Found 10 documents (agency=CMS/FDA, text='medicare', 42 CFR 412):

  CMS-2008-0048-0002 | CMS | Rule | 42 CFR 412
  CMS-2008-0048-0001 | CMS | Rule | 42 CFR 412
  CMS-2011-0059-0051 | CMS | Rule | 42 CFR Part 412
  CMS-2011-0059-0050 | CMS | Rule | 42 CFR 412
  CMS-2011-0059-0052 | CMS | Rule | 42 CFR Part 412


**Prereqs:** `documents.db` from Mirrulations data (`aws s3 sync ...` then `insert_documents.py`) or from regulations.gov API via `fetch_agency_documents.py`.

---
## 2. How to Obtain Every Federal Register Docket JSON

**Use Mirrulations S3** — mirrors regulations.gov (dockets + documents). ~2.2M files, ~9.1 GB.

In [15]:
# Copy and run in terminal to download all docket + document JSON (~9 GB, ~40 min):
print("aws s3 sync s3://mirrulations/raw-data/ data --exclude '*' --include '*/text-*/docket/*.json' --include '*/text-*/documents/*.json' --only-show-errors")

aws s3 sync s3://mirrulations/raw-data/ data --exclude '*' --include '*/text-*/docket/*.json' --include '*/text-*/documents/*.json' --only-show-errors


**Directory layout:**
```
data/<agency>/<docket_id>/text-<docket_id>/
├── docket/<docket_id>(N).json     # docket metadata
└── documents/<document_id>.json  # documents (Rules, etc.)
```

**What it looks like — Docket JSON:**

In [16]:
import json
from pathlib import Path

# Sample: load first docket JSON found
data_dir = Path.cwd() / "data"
docket_files = list(data_dir.rglob("docket/*.json"))[:1]
if docket_files:
    d = json.loads(docket_files[0].read_text())
    print("Docket JSON (abbreviated):")
    print(json.dumps({"id": d["data"]["id"], "agencyId": d["data"]["attributes"].get("agencyId"), "title": d["data"]["attributes"].get("title")}, indent=2))
else:
    print("No docket JSON found.

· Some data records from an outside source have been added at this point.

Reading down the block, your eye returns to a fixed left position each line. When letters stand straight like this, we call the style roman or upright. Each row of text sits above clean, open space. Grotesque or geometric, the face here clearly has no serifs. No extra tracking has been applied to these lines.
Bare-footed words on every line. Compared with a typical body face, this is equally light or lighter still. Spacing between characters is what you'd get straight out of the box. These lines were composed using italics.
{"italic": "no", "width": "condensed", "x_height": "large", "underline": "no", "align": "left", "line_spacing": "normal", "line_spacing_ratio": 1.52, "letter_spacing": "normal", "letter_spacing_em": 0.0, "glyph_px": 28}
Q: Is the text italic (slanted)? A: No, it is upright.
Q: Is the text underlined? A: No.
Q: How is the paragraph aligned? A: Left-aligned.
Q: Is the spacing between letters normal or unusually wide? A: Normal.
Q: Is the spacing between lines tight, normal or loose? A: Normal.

Run aws s3 sync above.")

Docket JSON (abbreviated):
{
  "id": "CDC-2006-0106",
  "agencyId": "CDC",
  "title": "Agency information collection activities; proposals, submissions, and approvals"
}


**What it looks like — Document JSON** (includes `frDocNum` for Federal Register linkage):

In [17]:
# Sample: load first document JSON with frDocNum
doc_files = list(data_dir.rglob("documents/*.json"))
for p in doc_files[:20]:
    d = json.loads(p.read_text())
    attrs = d.get("data", {}).get("attributes", {})
    if attrs.get("frDocNum"):
        print("Document JSON (Rule with Federal Register link):")
        print(json.dumps({"id": d["data"]["id"], "docketId": attrs.get("docketId"), "documentType": attrs.get("documentType"), "cfrPart": attrs.get("cfrPart"), "frDocNum": attrs.get("frDocNum"), "title": (attrs.get("title") or "")[:60]}, indent=2))
        break
else:
    print("No Rule docs with frDocNum in first 20. Run aws s3 sync.")

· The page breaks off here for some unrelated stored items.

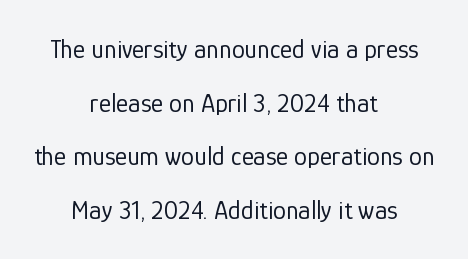
{"italic": "no", "bold": "no", "underline": "no", "align": "center", "line_spacing": "loose", "line_spacing_ratio": 2.06, "letter_spacing": "normal", "letter_spacing_em": 0.0, "glyph_px": 26}
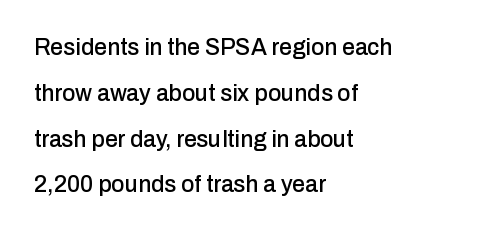
{"italic": "no", "underline": "no", "align": "left", "line_spacing": "loose", "line_spacing_ratio": 1.99, "letter_spacing": "normal", "letter_spacing_em": 0.0, "glyph_px": 23}
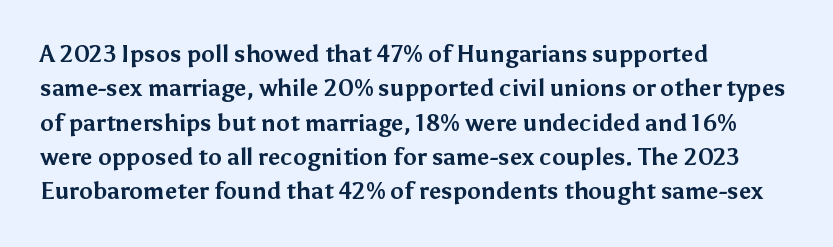
The image shows 23 px bold type, upright; set left-aligned, normal line spacing (1.49x), normal letter spacing, not underlined.
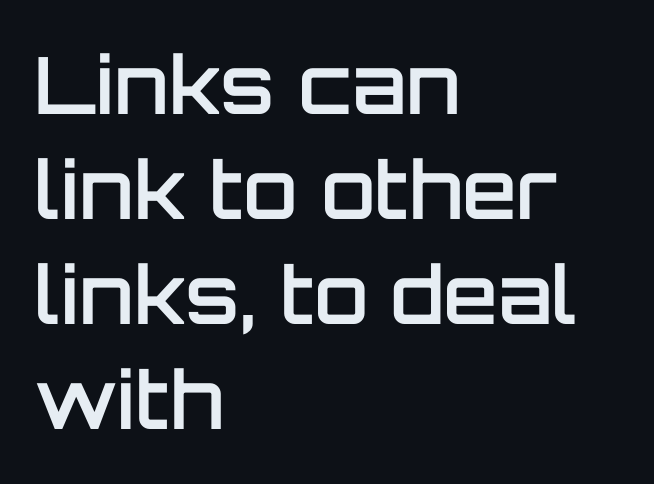
The image shows 79 px semibold sans-serif type, upright; set left-aligned, normal line spacing (1.33x), normal letter spacing, not underlined; low stroke contrast and a large x-height.

Document JSON (Rule with Federal Register link):
{
  "id": "ADF-2017-0005-0001",
  "docketId": null,
  "documentType": "Notice",
  "cfrPart": null,
  "frDocNum": "2017-21745",
  "title": "Meetings: Board of Directors"
}


**Alternative:** regulations.gov API — paginate `/dockets` and `/documents` per agency. Rate limited (~1000/hr); use for subsets, not full corpus.